Go straight to Microsoft. NET Local Privilege Escalation Vulnerability

 

Microsoft's. NET component has a severe overflow vulnerability. Any operating system installed with the. NET component will be affected by this vulnerability. That is to say, Windows XP, Windows 7, Windows 2003, and Winodws 2008, which are the most widely used website servers, cannot be spared. So what does this vulnerability mean for hackers? What kind of storm will the network security community face? Read this article.

 

★Edit prompt: Hazards of local permission elevation

 

This. NET overflow vulnerability does not allow remote code execution, but only local overflow. The system administrator privilege can be obtained after the vulnerability exists. To put it simply, this is a local privilege escalation vulnerability. So what are the risks of Local Privilege Escalation Vulnerabilities?

 

In Windows, we have the concept of "permission. In addition to the administrator permissions we usually use, there is also a user permission.

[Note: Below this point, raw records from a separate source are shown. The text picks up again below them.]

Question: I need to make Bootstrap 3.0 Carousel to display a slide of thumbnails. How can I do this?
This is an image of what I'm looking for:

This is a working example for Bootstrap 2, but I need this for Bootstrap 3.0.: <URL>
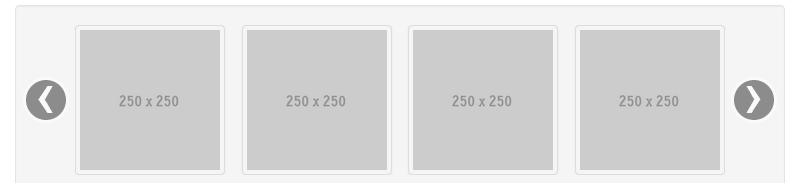
Answer: A multi-item carousel can be accomplished in several ways <URL>.
This can be done using the grid inside each carousel item.
'''
<div id="myCarousel" class="carousel slide">
<div class="carousel-inner">
<div class="item active">
<div class="row">
<div class="col-sm-3">..
</div>
<div class="col-sm-3">..
</div>
<div class="col-sm-3">..
</div>
<div class="col-sm-3">..
</div>
</div>
<!--/row-->
</div>
...add more item(s)
</div>
</div>
'''
Demo example thumbnail slider using the carousel: <URL>
Another example with carousel indicators as thumbnails:
<URL>

As the name suggests, user permissions must be lower than administrator permissions, and the operations that can be performed must be less than administrator permissions. For example, you cannot change system settings, install software, or create users. If a hacker obtains the target account as a user, the uploaded Trojan cannot run (the trojan needs to modify the system settings ), the fat meat in the hand cannot be eaten, not to mention how painful it is.

 

The privilege escalation vulnerability has helped hackers a lot. By exploiting this vulnerability, hackers can escalate their original user-privilege accounts to system administrators to create accounts and install trojans. For website servers, the local privilege escalation vulnerability is a disaster. After hackers obtain the webshell of the server by exploiting the vulnerabilities of website programs, they only have common user permissions and can only operate files on the website, which cannot affect the security of the server. By exploiting the Local Privilege Escalation Vulnerability, he can gain the server privilege and intrude into the entire server.

 

0-day vulnerabilities are generally published by some hackers, who also release the code used to test the vulnerabilities. This time. the same is true for the NET overflow vulnerability. They published the attack code but did not provide ready-made attack programs. In this case, we can only compile the program by ourselves, we can also take a look at how the 0-day attack program was born.

 

Because the test code for this vulnerability is written in C language, we need to use cygwin (C language code compilation tool) for compilation. Cygwin can be downloaded from the Internet. The size is about 200 MB. Run the installer. Select "Install from Local Directory" as the first step, and keep the default value as the next step. We need to set the installation parameter to "Install" until the last step ", in this way, cygwin can be fully installed; otherwise, the GCC compilation function in cygwin cannot be used.

 

▲Install cygwin

 

After the installation is complete, go to the installation directory. There is a folder named after the current user name under the home Directory. We can put the overflow program code into it for compilation. Put the overflow program code (copy the code from the Internet and save it with notepad) test. c in this folder. Then run cygwin in the installation directory. bat, cygwin. in the bat operation interface, enter "gcc-o test.exe test. c ". After you press enter, test.exe will be generated in the home USERNAME \ folder, so that the compilation of the attack program will be completed.

 

▲Test the attack program

 

After compilation, We will test the overflow program. The test environment is very simple. First, we use the user's account system, and then run test.exe in the script prompt. After running, the program will add a "ServiceHelper" name to the system and the password is "ILov3Coff33 !" . Next, we can use this account to log on and obtain the administrator privilege of the system.

 

 

 

▲The Administrator account has been created successfully.